**WHAT THE EXERCISE ASKS**.
An exact copy of every entry is needed here; the images stay out.

(Saved entries)
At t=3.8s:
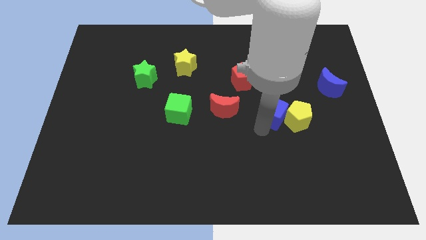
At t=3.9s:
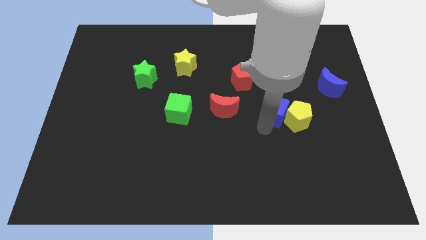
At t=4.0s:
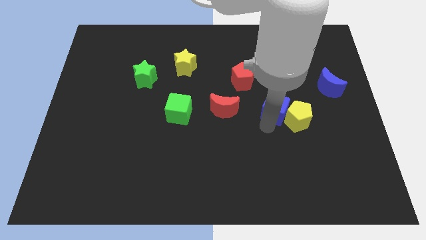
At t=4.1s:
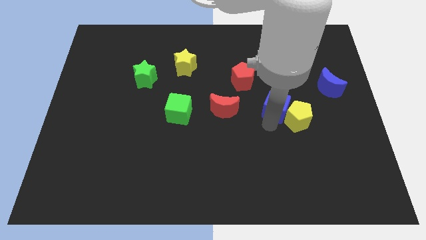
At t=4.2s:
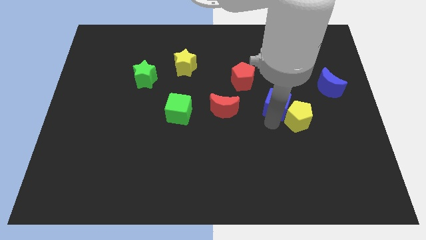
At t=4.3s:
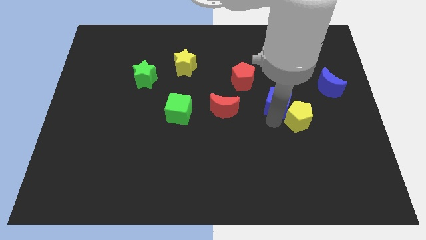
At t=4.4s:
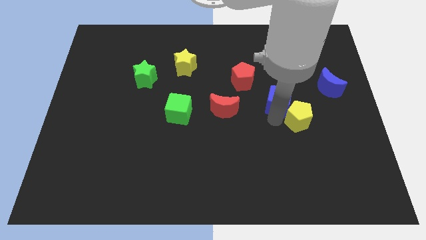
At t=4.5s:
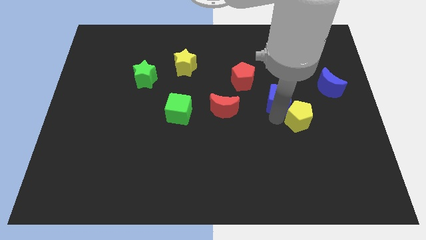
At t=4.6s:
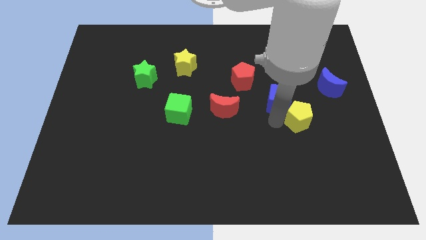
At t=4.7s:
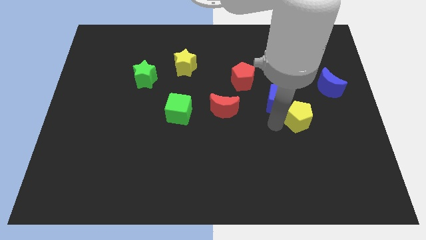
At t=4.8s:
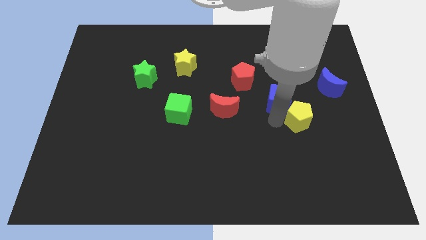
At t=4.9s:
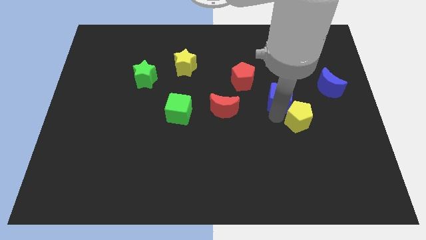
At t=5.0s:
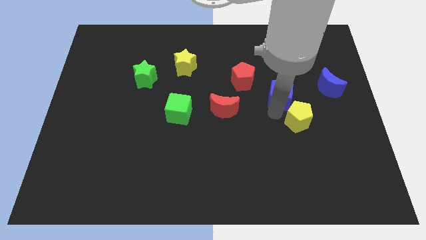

**REPLY TO THE TASK**.
At t=3.8s:
At t=3.9s:
At t=4.0s:
At t=4.1s:
At t=4.2s:
At t=4.3s:
At t=4.4s:
At t=4.5s:
At t=4.6s:
At t=4.7s:
At t=4.8s:
At t=4.9s:
At t=5.0s:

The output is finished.